PUBLIC Protector Busisiwe Mkhwebane last night called on the National Assembly to halt the inquiry into her fitness to hold office with immediate effect.
This after the Western Cape High Court found some rules for the removal of heads of Chapter 9 Institutions unconstitutional.
This happened hours after the Section 194 Committee decided to proceed with the inquiry and adopted a draft programme because the court had not made a ruling on her application to declare the rules unconstitutional.
This was despite EFF leader Julius Malema and NFP MP Munzoor Shaik Emam questioning the wisdom of forging ahead with the inquiry while a judgment was being awaited.
In his judgment, Justice Elizabeth Baartman said it was undesirable for a judge to be on the independent panel that assesses the motion against the head of a Chapter 9 Institution.
“The process is politically charged; the complaints emanate from scathing judicial rebuke,” Justice Baartman said.
He said there could be circumstances where the appointment of the judge to the panel would be appropriate, but this was not such a case.
“It is of concern that the judiciary is called upon to provide the National Assembly with legal expertise that is readily available in the profession. The members of the National Assembly who called for a judge to be part of a panel did so for expediency,” Justice Baartman said.
He also said the application succeeded to the extent that the phrase “provided that the legal practitioner or other expert may not participate in the committee” was severed from the rules.
Mkhwebane’s spokesperson, Oupa Segalwe, said they welcomed the judgment and their legal team was studying it.
Segalwe said it was already clear that two of the most important findings were the denial of legal representation and the appointment of a judge who formed part of an Independent Panel that assessed the motion calling for Mkhwebane’s removal.

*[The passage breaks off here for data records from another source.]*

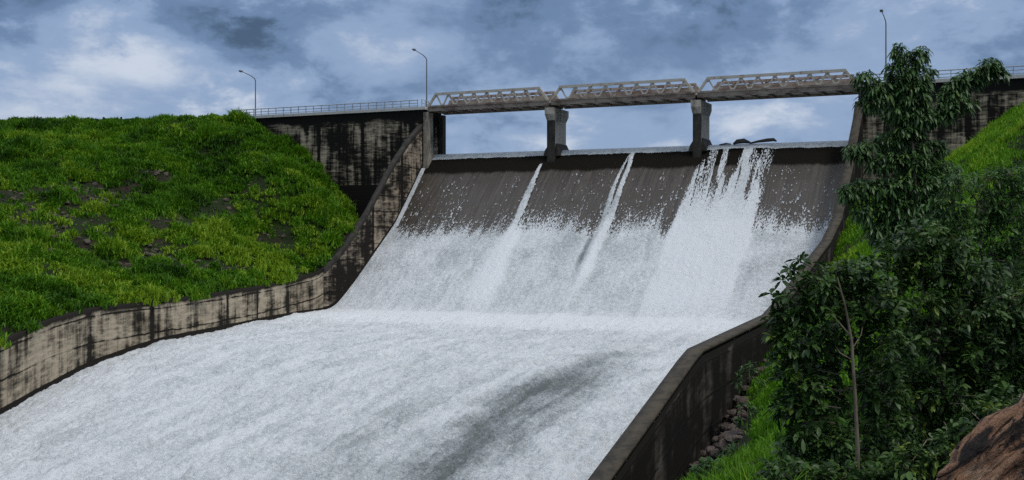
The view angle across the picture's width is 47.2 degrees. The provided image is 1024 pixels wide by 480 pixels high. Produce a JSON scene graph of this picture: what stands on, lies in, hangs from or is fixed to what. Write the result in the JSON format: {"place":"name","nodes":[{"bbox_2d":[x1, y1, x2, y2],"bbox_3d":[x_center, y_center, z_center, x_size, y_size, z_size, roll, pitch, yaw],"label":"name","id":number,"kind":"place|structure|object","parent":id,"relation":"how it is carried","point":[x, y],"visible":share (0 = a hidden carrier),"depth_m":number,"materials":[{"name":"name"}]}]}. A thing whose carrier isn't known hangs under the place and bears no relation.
{"place":"outdoors","nodes":[
{"label":"outdoors","id":0,"kind":"place"},
{"bbox_2d":[0,107,358,349],"bbox_3d":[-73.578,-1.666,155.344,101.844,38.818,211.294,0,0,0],"label":"hill","id":1,"kind":"structure","parent":0,"point":[260,182],"depth_m":162.81,"materials":[{"name":"green plant"}]},
{"bbox_2d":[83,239,90,243],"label":"stone","id":2,"kind":"object","parent":1,"relation":"on","point":[87,241],"visible":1,"depth_m":137.58,"materials":[{"name":"grey stone"}]},
{"bbox_2d":[0,124,422,414],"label":"training wall","id":3,"kind":"structure","parent":1,"relation":"on","point":[57,349],"depth_m":130.64,"materials":[{"name":"concrete"}]},
{"bbox_2d":[249,106,445,218],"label":"dam wall","id":4,"kind":"structure","parent":1,"relation":"on","point":[355,151],"depth_m":188.88,"materials":[{"name":"concrete"}]},
{"bbox_2d":[239,70,255,115],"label":"street lamp","id":5,"kind":"object","parent":4,"relation":"on","point":[255,88],"visible":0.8,"depth_m":203.74,"materials":[{"name":"grey metal"}]},
{"bbox_2d":[238,100,417,115],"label":"railing","id":6,"kind":"object","parent":4,"relation":"on","point":[336,107],"visible":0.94,"depth_m":190.82,"materials":[{"name":"grey metal"}]},
{"bbox_2d":[412,49,426,106],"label":"street lamp","id":7,"kind":"object","parent":4,"relation":"on","point":[426,74],"visible":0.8,"depth_m":189.72,"materials":[{"name":"grey metal"}]},
{"bbox_2d":[427,87,562,114],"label":"bridge span","id":8,"kind":"object","parent":4,"relation":"on","point":[515,103],"visible":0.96,"depth_m":181.19,"materials":[{"name":"paint"}]},
{"bbox_2d":[0,140,847,479],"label":"water","id":9,"kind":"structure","parent":0,"point":[532,352],"depth_m":109.28,"materials":[{"name":"white liquid"}]},
{"bbox_2d":[396,146,846,242],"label":"spillway dam","id":10,"kind":"structure","parent":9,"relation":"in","point":[558,178],"depth_m":166.64,"materials":[{"name":"concrete"}]},
{"bbox_2d":[543,107,568,161],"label":"bridge pier","id":11,"kind":"structure","parent":10,"relation":"on","point":[556,118],"depth_m":175.51,"materials":[{"name":"concrete"}]},
{"bbox_2d":[551,78,705,108],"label":"bridge span","id":12,"kind":"object","parent":11,"relation":"on","point":[632,97],"visible":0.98,"depth_m":172.34,"materials":[{"name":"paint"}]},
{"bbox_2d":[688,100,711,157],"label":"bridge pier","id":13,"kind":"structure","parent":10,"relation":"on","point":[701,113],"depth_m":166.14,"materials":[{"name":"concrete"}]},
{"bbox_2d":[733,139,749,144],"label":"driftwood","id":14,"kind":"object","parent":9,"relation":"on","point":[739,141],"visible":1,"depth_m":165.22,"materials":[{"name":"wood"}]},
{"bbox_2d":[750,138,776,143],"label":"driftwood","id":15,"kind":"object","parent":9,"relation":"on","point":[767,140],"visible":1,"depth_m":163.98,"materials":[{"name":"grey wood"}]},
{"bbox_2d":[0,0,1023,153],"label":"sky","id":16,"kind":"structure","parent":0,"point":[98,59],"materials":[{"name":"blue"}]},
{"bbox_2d":[698,100,1023,479],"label":"terrain","id":17,"kind":"structure","parent":0,"point":[742,440],"depth_m":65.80,"materials":[{"name":"green plant"}]},
{"bbox_2d":[687,464,696,472],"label":"stone","id":18,"kind":"object","parent":17,"relation":"on","point":[689,466],"visible":0.37,"depth_m":72.81,"materials":[{"name":"stone"}]},
{"bbox_2d":[700,450,709,457],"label":"stone","id":19,"kind":"object","parent":17,"relation":"on","point":[702,452],"visible":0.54,"depth_m":73.03,"materials":[{"name":"stone"}]},
{"bbox_2d":[689,456,729,479],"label":"shrub","id":20,"kind":"object","parent":17,"relation":"on","point":[700,469],"visible":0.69,"depth_m":29.95,"materials":[{"name":"green plant"}]},
{"bbox_2d":[706,446,713,453],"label":"stone","id":21,"kind":"object","parent":17,"relation":"on","point":[708,448],"visible":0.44,"depth_m":68.42,"materials":[{"name":"grey stone"}]},
{"bbox_2d":[709,449,720,458],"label":"stone","id":22,"kind":"object","parent":17,"relation":"on","point":[712,454],"visible":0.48,"depth_m":66.98,"materials":[{"name":"grey stone"}]},
{"bbox_2d":[712,436,717,443],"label":"stone","id":23,"kind":"object","parent":17,"relation":"on","point":[714,438],"visible":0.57,"depth_m":76.88,"materials":[{"name":"grey stone"}]},
{"bbox_2d":[713,428,723,434],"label":"stone","id":24,"kind":"object","parent":17,"relation":"on","point":[717,430],"visible":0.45,"depth_m":79.09,"materials":[{"name":"stone"}]},
{"bbox_2d":[717,440,728,453],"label":"stone","id":25,"kind":"object","parent":17,"relation":"on","point":[724,443],"visible":0.53,"depth_m":66.08,"materials":[{"name":"stone"}]},
{"bbox_2d":[719,431,728,439],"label":"stone","id":26,"kind":"object","parent":17,"relation":"on","point":[722,435],"visible":0.36,"depth_m":69.33,"materials":[{"name":"brown stone"}]},
{"bbox_2d":[719,422,730,430],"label":"stone","id":27,"kind":"object","parent":17,"relation":"on","point":[722,425],"visible":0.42,"depth_m":78.76,"materials":[{"name":"stone"}]},
{"bbox_2d":[588,101,862,479],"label":"training wall","id":28,"kind":"structure","parent":17,"relation":"on","point":[668,432],"depth_m":76.04,"materials":[{"name":"concrete"}]},
{"bbox_2d":[686,457,766,479],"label":"grass tuft","id":29,"kind":"object","parent":17,"relation":"on","point":[736,473],"visible":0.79,"depth_m":16.31,"materials":[{"name":"green plant"}]},
{"bbox_2d":[724,434,734,443],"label":"stone","id":30,"kind":"object","parent":17,"relation":"on","point":[728,438],"visible":0.47,"depth_m":65.94,"materials":[{"name":"stone"}]},
{"bbox_2d":[724,425,737,431],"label":"stone","id":31,"kind":"object","parent":17,"relation":"on","point":[729,428],"visible":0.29,"depth_m":73.18,"materials":[{"name":"stone"}]},
{"bbox_2d":[726,410,735,415],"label":"stone","id":32,"kind":"object","parent":17,"relation":"on","point":[729,412],"visible":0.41,"depth_m":80.80,"materials":[{"name":"brown stone"}]},
{"bbox_2d":[716,439,748,458],"bbox_3d":[9.440,9.216,49.978,1.646,1.450,1.226,0,0,0],"label":"weed","id":33,"kind":"object","parent":17,"relation":"on","point":[728,449],"visible":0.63,"depth_m":50.07,"materials":[{"name":"green plant"}]},
{"bbox_2d":[728,430,737,433],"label":"stone","id":34,"kind":"object","parent":17,"relation":"on","point":[733,432],"visible":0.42,"depth_m":66.32,"materials":[{"name":"stone"}]},
{"bbox_2d":[732,435,742,442],"bbox_3d":[12.453,10.983,64.626,0.648,0.458,0.580,0,0,0],"label":"stone","id":35,"kind":"object","parent":17,"relation":"on","point":[736,437],"visible":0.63,"depth_m":64.42,"materials":[{"name":"brown stone"}]},
{"bbox_2d":[739,398,748,404],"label":"stone","id":36,"kind":"object","parent":17,"relation":"on","point":[743,400],"visible":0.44,"depth_m":81.56,"materials":[{"name":"stone"}]},
{"bbox_2d":[741,385,747,392],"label":"stone","id":37,"kind":"object","parent":17,"relation":"on","point":[744,390],"visible":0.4,"depth_m":87.75,"materials":[{"name":"brown stone"}]},
{"bbox_2d":[740,412,748,418],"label":"stone","id":38,"kind":"object","parent":17,"relation":"on","point":[743,415],"visible":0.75,"depth_m":71.95,"materials":[{"name":"stone"}]},
{"bbox_2d":[734,402,760,428],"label":"weed","id":39,"kind":"object","parent":17,"relation":"on","point":[751,412],"visible":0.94,"depth_m":65.88,"materials":[{"name":"green plant"}]},
{"bbox_2d":[731,362,765,409],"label":"weed","id":40,"kind":"object","parent":17,"relation":"on","point":[749,372],"visible":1,"depth_m":77.98,"materials":[{"name":"green plant"}]},
{"bbox_2d":[692,462,857,479],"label":"grass tuft","id":41,"kind":"object","parent":17,"relation":"on","point":[795,476],"visible":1,"depth_m":14.36,"materials":[{"name":"green plant"}]},
{"bbox_2d":[755,251,921,479],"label":"shrub","id":42,"kind":"object","parent":17,"relation":"on","point":[851,304],"visible":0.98,"depth_m":16.89,"materials":[{"name":"green plant"}]},
{"bbox_2d":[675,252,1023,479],"bbox_3d":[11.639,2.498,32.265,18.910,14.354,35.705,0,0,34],"label":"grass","id":43,"kind":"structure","parent":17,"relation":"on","point":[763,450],"depth_m":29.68,"materials":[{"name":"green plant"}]},
{"bbox_2d":[833,42,1011,298],"bbox_3d":[15.361,-2.236,44.013,6.776,10.354,2.128,0,0,0],"label":"tree","id":44,"kind":"object","parent":17,"relation":"on","point":[917,119],"visible":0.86,"depth_m":43.74,"materials":[{"name":"green plant"}]},
{"bbox_2d":[856,218,1023,479],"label":"shrub","id":45,"kind":"object","parent":17,"relation":"on","point":[929,454],"visible":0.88,"depth_m":18.24,"materials":[{"name":"green plant"}]},
{"bbox_2d":[858,74,1023,186],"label":"dam wall","id":46,"kind":"structure","parent":17,"relation":"on","point":[999,99],"depth_m":150.94,"materials":[{"name":"concrete"}]},
{"bbox_2d":[697,69,857,101],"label":"bridge span","id":47,"kind":"object","parent":46,"relation":"on","point":[814,87],"visible":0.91,"depth_m":163.28,"materials":[{"name":"paint"}]},
{"bbox_2d":[880,9,886,81],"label":"street lamp","id":48,"kind":"object","parent":46,"relation":"on","point":[881,10],"visible":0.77,"depth_m":160.18,"materials":[{"name":"grey metal"}]},
{"bbox_2d":[869,65,1023,80],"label":"railing","id":49,"kind":"object","parent":46,"relation":"on","point":[1013,73],"visible":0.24,"depth_m":151.60,"materials":[{"name":"grey metal"}]},
{"bbox_2d":[916,160,1023,322],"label":"shrub","id":50,"kind":"object","parent":17,"relation":"on","point":[998,207],"visible":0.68,"depth_m":33.80,"materials":[{"name":"green plant"}]},
{"bbox_2d":[936,391,1023,479],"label":"boulder","id":51,"kind":"object","parent":17,"relation":"on","point":[990,447],"visible":1,"depth_m":6.30,"materials":[{"name":"brown stone"}]}
]}

She said the ruling meant that the Independent Panel which was chaired by Justice Bess Nkabinde was illegally appointed.
“It follows therefore that the present process must be halted with immediate effect,” Segalwe said.
He said continuing with the inquiry would constitute an attack on the authority of the courts, the rule of law and the constitutional rights of Mkhwebane.
“A call is accordingly made to the National Assembly to do the right thing and allow for the inevitable process of amending the rules before their lawful implementation.
“The National Assembly should take the opportunity to rectify other weaknesses identified and criticised by the court, including those which may not necessarily have been declared unconstitutional at this stage,” Segalwe said.
Parliament’s spokesperson, Moloto Mothapo, said they were aware of the judgment.
“We are studying the judgment and will issue a statement,” Mothapo said.
Meanwhile, the Section 194 committee resolved to narrow the scope of the inquiry and limit itself to the motion brought by DA MP Natasha Mazzone.
It also resolved to have a “hybrid” approach when conducting the inquiry, where evidence would be committee member-led, assisted by both internal and external expertise.
Committee chairperson Qubudile Dyantyi said the public participation would have to be relevant to the fact-finding mission.
Dyantyi said they agreed on the audi alteram partem (listen to the other side) rule, fairness and rationality to be afforded to Mkhwebane throughout the process.
The committee also adopted a draft programme that would be finalised in a meeting next week.
In terms of the draft programme, the committee’s final report would be adopted in January 2022 for tabling in the National Assembly.